IL-6 plays an important role in the development of the acute phase response in various tissues via its broad proinflammatory actions (3, 4). Evidence obtained in studies of experimental animals and supported by data in humans suggests that excessive production of IL-6 is involved in the pathogenesis of acute pancreatitis. For example, in experimental acute pancreatitis, IL-6 has been reported to be associated with distant organ complications (5), and the aggravation of experimental acute pancreatitis was observed in IL-6 transgenic mice (6). In patients with acute pancreatitis, systemic complications are associated with increased IL-6 secretion by isolated peripheral blood monocytes (7). In other studies, serum IL-6 level is a specific and sensitive marker of development of pulmonary failure, and peak IL-6 levels were increased in severe and lethal acute pancreatitis as well as in multiple organ failure (8, 9, 10, 11, 12).
We previously reported the isolation of human pancreatic periacinar myofibroblasts, which are located in the periacinar region of the normal human pancreas (13).

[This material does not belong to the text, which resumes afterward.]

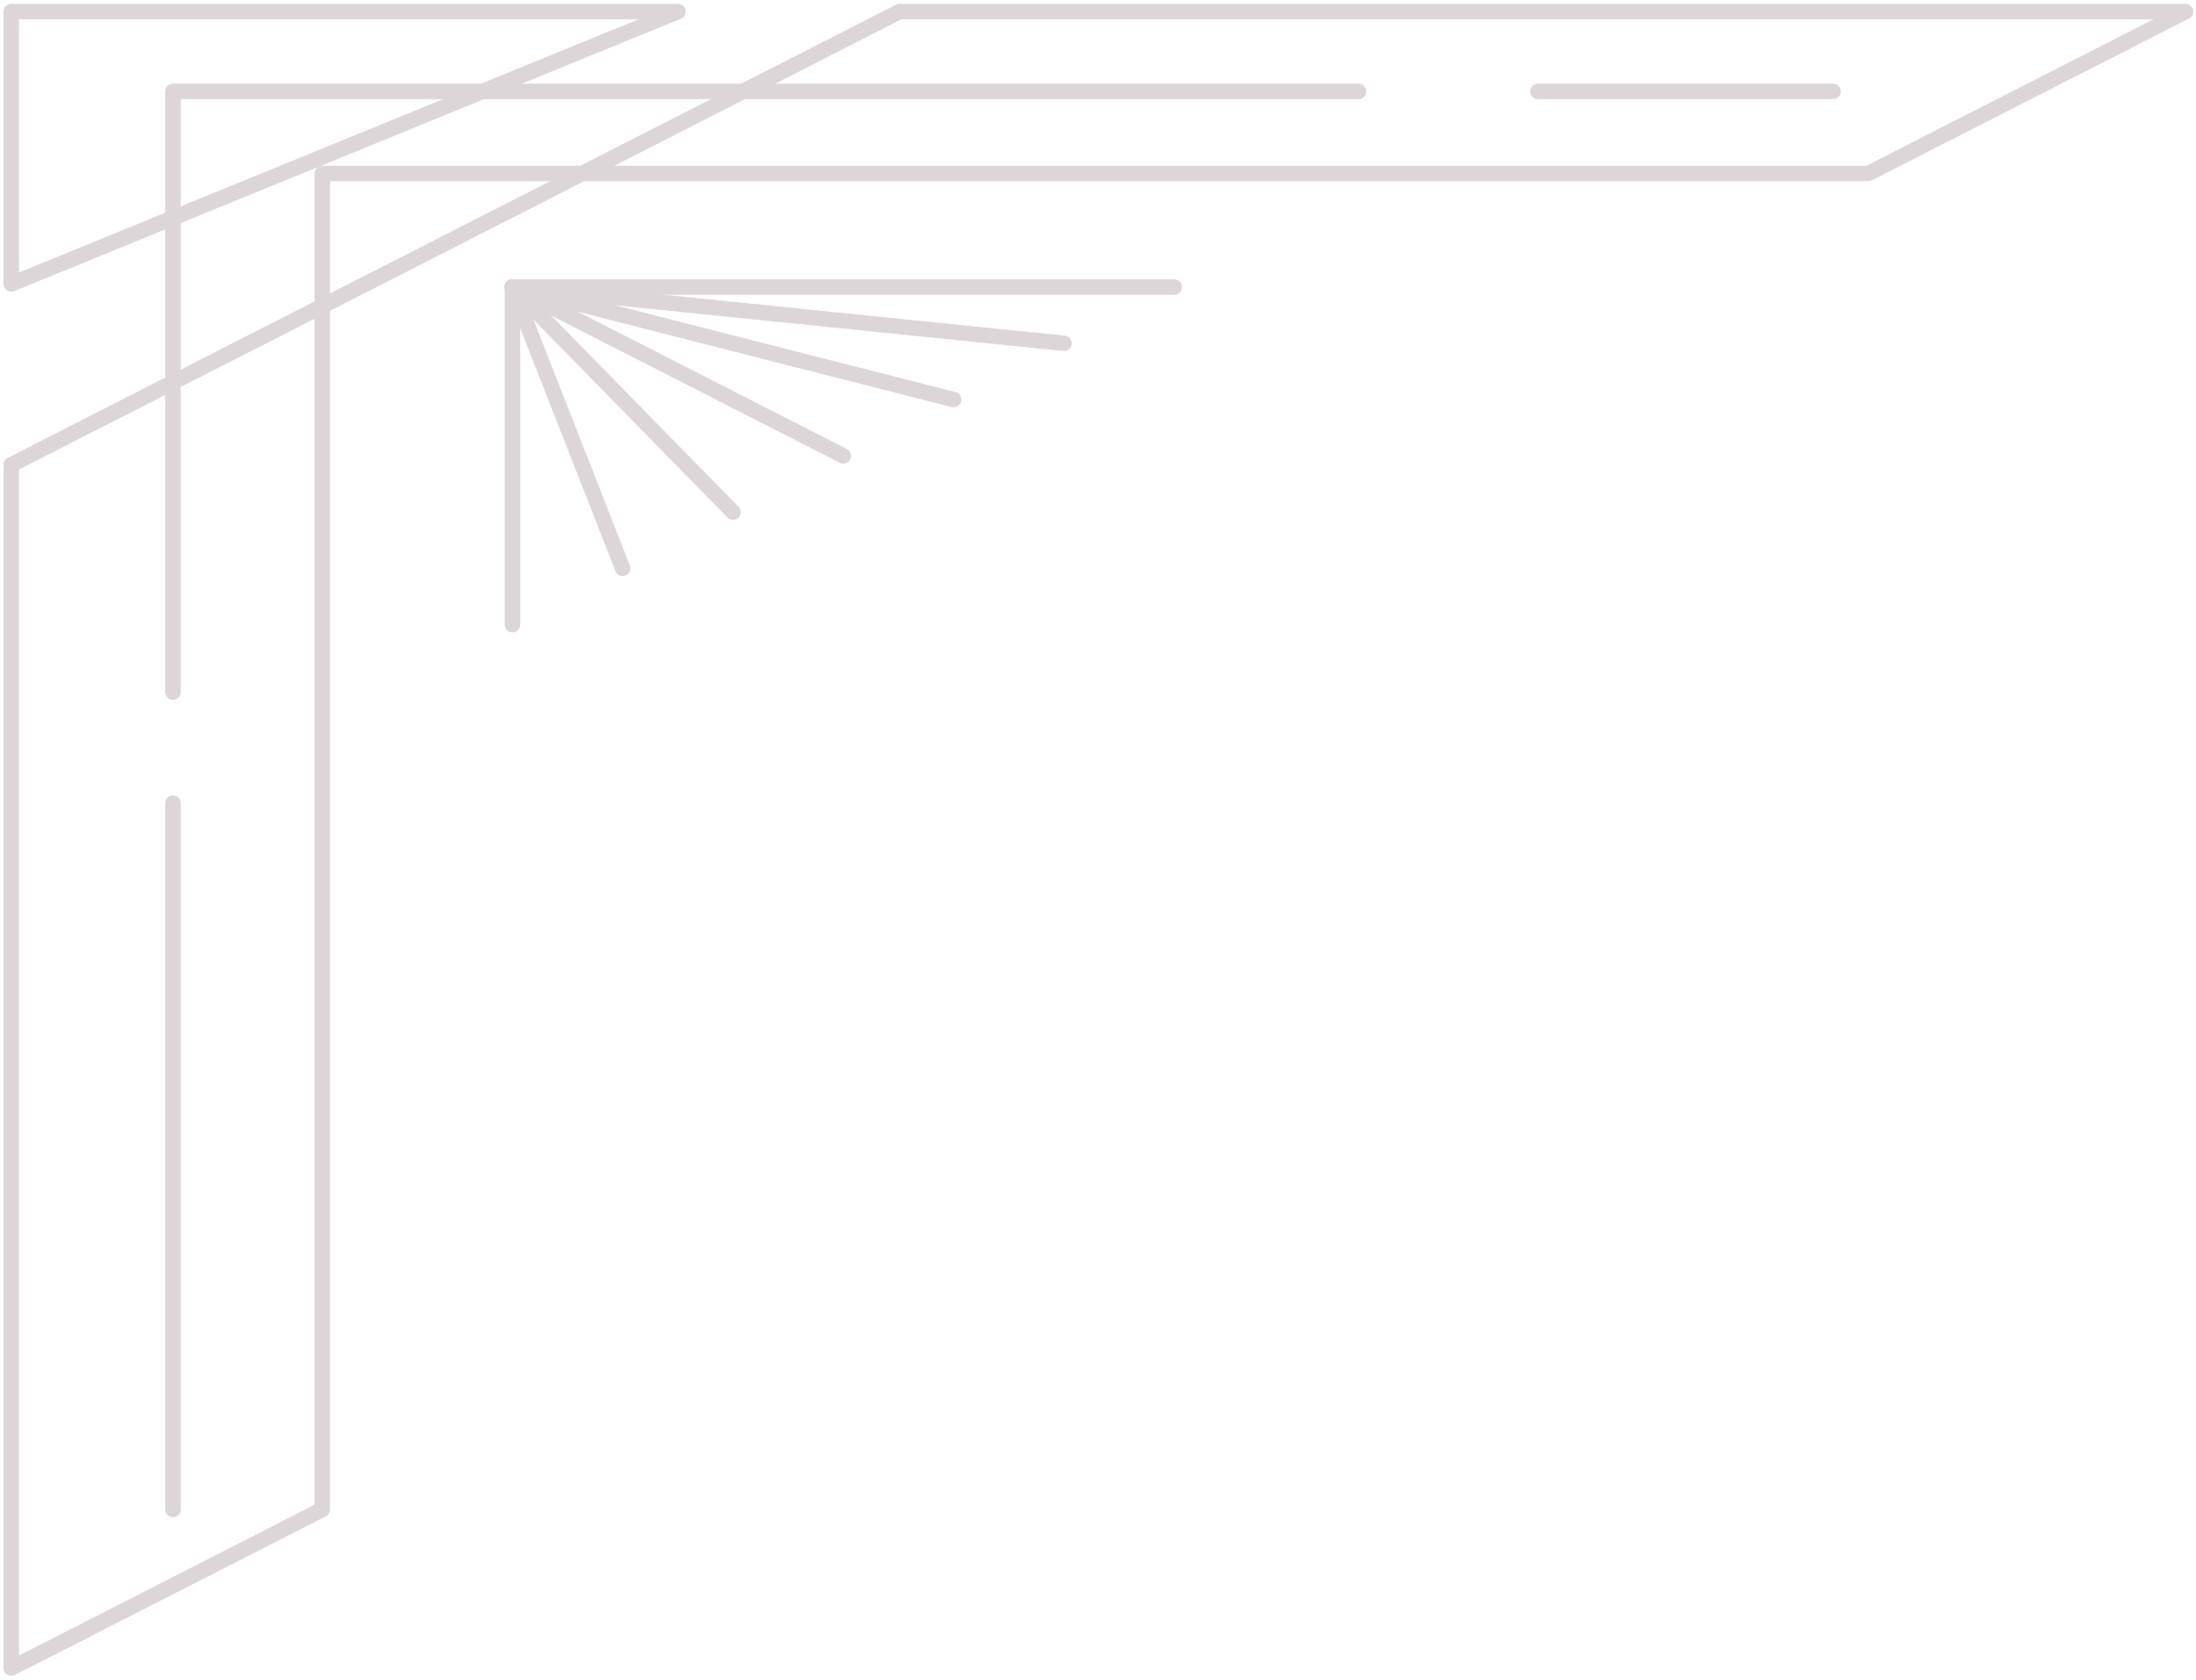 <svg xmlns="http://www.w3.org/2000/svg" width="383" height="293" viewBox="0 0 383 293" fill="none"><g opacity="0.18"><path d="M204.794 50.075H89.37" stroke="#451B2A" stroke-width="2.7" stroke-linecap="round" stroke-linejoin="round"></path><path d="M185.559 59.89L89.37 50.075" stroke="#451B2A" stroke-width="2.7" stroke-linecap="round" stroke-linejoin="round"></path><path d="M166.324 69.712L89.37 50.075" stroke="#451B2A" stroke-width="2.7" stroke-linecap="round" stroke-linejoin="round"></path><path d="M147.075 79.526L89.37 50.075" stroke="#451B2A" stroke-width="2.7" stroke-linecap="round" stroke-linejoin="round"></path><path d="M127.84 89.341L89.37 50.075" stroke="#451B2A" stroke-width="2.7" stroke-linecap="round" stroke-linejoin="round"></path><path d="M108.605 99.156L89.37 50.075" stroke="#451B2A" stroke-width="2.7" stroke-linecap="round" stroke-linejoin="round"></path><path d="M89.37 108.97V50.075" stroke="#451B2A" stroke-width="2.7" stroke-linecap="round" stroke-linejoin="round"></path><path d="M56.207 53.399L1.963 81.077V291.004L56.207 263.326V53.399ZM56.207 53.399V30.261H101.539H325.845L381.179 2.019H156.889L101.539 30.261L56.207 53.399Z" stroke="#451B2A" stroke-width="2.7" stroke-linecap="round" stroke-linejoin="round"></path><path d="M268.227 15.943H319.709" stroke="#451B2A" stroke-width="2.7" stroke-linecap="round" stroke-linejoin="round"></path><path d="M30.168 120.743V15.943H236.94" stroke="#451B2A" stroke-width="2.7" stroke-linecap="round" stroke-linejoin="round"></path><path d="M30.168 140.113V263.326" stroke="#451B2A" stroke-width="2.7" stroke-linecap="round" stroke-linejoin="round"></path><path d="M1.963 49.541V2.019H118.23L1.963 49.541Z" stroke="#451B2A" stroke-width="2.7" stroke-linecap="round" stroke-linejoin="round"></path></g></svg>

These cells are characterized by expression of type I, III, and IV collagen, fibronectin, prolyl hydroxylase β, laminin, vimentin, nonmuscle myosin, and α-smooth muscle actin (13). In addition, we have recently demonstrated that these cells can secrete high amounts of IL-8, monocyte chemoattractant protein (MCP)3-1, and RANTES in response to the monocyte/macrophage-derived cytokines, IL-1β, and TNF-α (14). These cells are likely to be important not only in the regulation of acinar cell functions such as digestive enzyme secretion, but also in the induction of inflammatory responses in the pancreas.
In this study, to further understand the extent to which periacinar myofibroblasts participate in local and systemic inflammatory responses in acute pancreatitis, we assessed the expression of IL-6 in these cells. In particular, we focused on the role of IL-17, which is a newly identified T cell-derived proinflammatory cytokine, and its secretion is strictly limited in activated CD4+ and CD8+ T lymphocytes (15, 16, 17, 18, 19, 20). The secretion of a large amount of IL-6 by pancreatic periacinar myofibroblasts suggests that these cells play a critical role in the initiation and maintenance of the acute inflammatory process in the pancreas. Furthermore, the regulation of IL-6 secretion in the pancreas is dependent not only on the cytokines derived from monocytes/macrophages (IL-1β and TNF-α), but also on the T cell-derived factor (IL-17).
Materials and Methods
Recombinant human IL-1β, IL-17, and TNF-α were obtained from R&D Systems (Minneapolis, MN). The inhibitor of p42/44 mitogen-activated protein kinases (MAPKs; PD98059 and U0216; Refs. 21, 22) and the inhibitor of p38 MAPK (SB203580; Ref. 23) were purchased from Cell Signaling Technology (Beverly, MA). All other reagents used in this study were purchased from Sigma-Aldrich (St. Louis, MO).
Normal human pancreatic tissue was obtained under informed consent from patients who underwent total gastropancreatectomy due to gastric cancer, and pancreatic periacinar myofibroblasts were isolated using the method described by Saotome et al. (13). The purity of the cells, determined by the expression of α-smooth muscle actin, was over 99%. Cells were cultured in DMEM (Nikkenkagaku, Kyoto, Japan) containing 10% FBS (Life Technologies, Grand Island, NY). All culture media were supplemented with 50 U/ml penicillin and 50 μg/ml streptomycin. All experiments were performed using the cells of passage number 3–6. The cells were seeded at a density of 2.5 × 105 cells/ml, and the cell culture media was changed every third day. All experiments were performed after cells had achieved confluence.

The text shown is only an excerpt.